• [EXERCISE DETAILS]: Wherever the word "leans" occurs in the listing below, copy that whole line.

• [TASK INPUTS]:
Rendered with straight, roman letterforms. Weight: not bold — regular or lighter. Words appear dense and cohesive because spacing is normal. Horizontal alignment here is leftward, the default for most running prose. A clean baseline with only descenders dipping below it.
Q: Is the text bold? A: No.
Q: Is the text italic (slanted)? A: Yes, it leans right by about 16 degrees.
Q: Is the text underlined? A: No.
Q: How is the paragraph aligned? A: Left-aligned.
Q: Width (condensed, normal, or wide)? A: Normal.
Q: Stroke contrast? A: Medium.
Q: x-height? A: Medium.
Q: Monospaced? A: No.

==

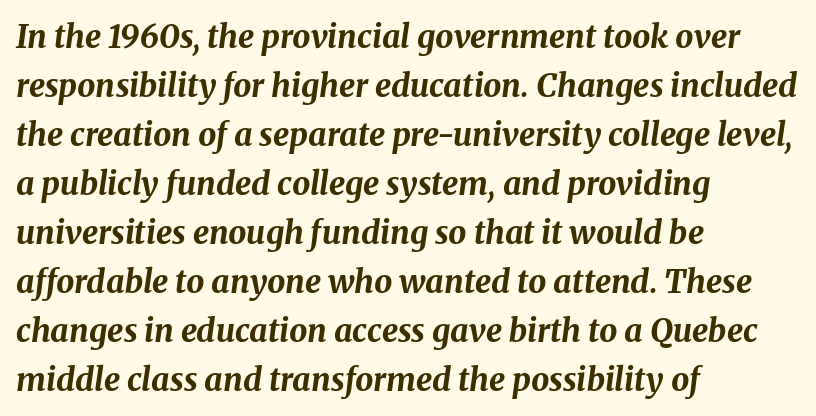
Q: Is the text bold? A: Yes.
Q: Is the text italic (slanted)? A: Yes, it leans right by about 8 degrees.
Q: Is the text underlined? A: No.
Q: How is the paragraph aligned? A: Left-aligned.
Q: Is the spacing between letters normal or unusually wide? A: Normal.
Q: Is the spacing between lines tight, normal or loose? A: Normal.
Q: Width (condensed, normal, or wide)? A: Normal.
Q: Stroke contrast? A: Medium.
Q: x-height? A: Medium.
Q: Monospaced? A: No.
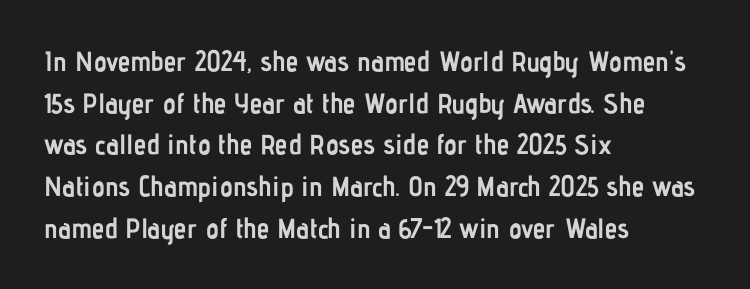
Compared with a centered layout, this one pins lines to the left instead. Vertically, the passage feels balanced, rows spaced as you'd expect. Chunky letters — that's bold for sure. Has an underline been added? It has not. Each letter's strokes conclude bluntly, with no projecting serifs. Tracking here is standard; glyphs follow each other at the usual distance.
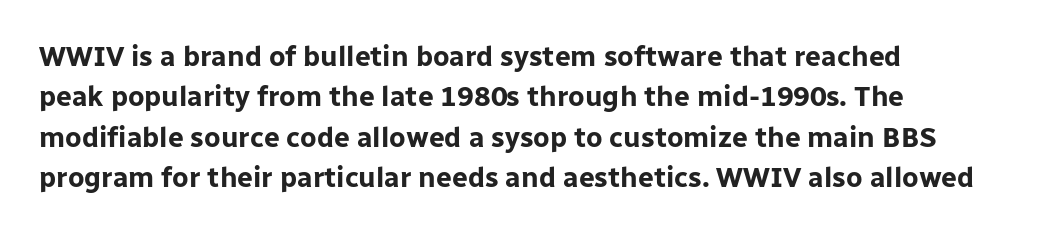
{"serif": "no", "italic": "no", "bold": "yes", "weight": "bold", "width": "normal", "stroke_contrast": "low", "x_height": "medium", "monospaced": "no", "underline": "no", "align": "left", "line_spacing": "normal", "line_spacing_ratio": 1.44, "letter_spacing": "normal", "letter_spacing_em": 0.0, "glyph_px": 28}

• [WRITTEN SOLUTION]:
Q: Is the text italic (slanted)? A: Yes, it leans right by about 16 degrees.
Q: Is the text italic (slanted)? A: Yes, it leans right by about 8 degrees.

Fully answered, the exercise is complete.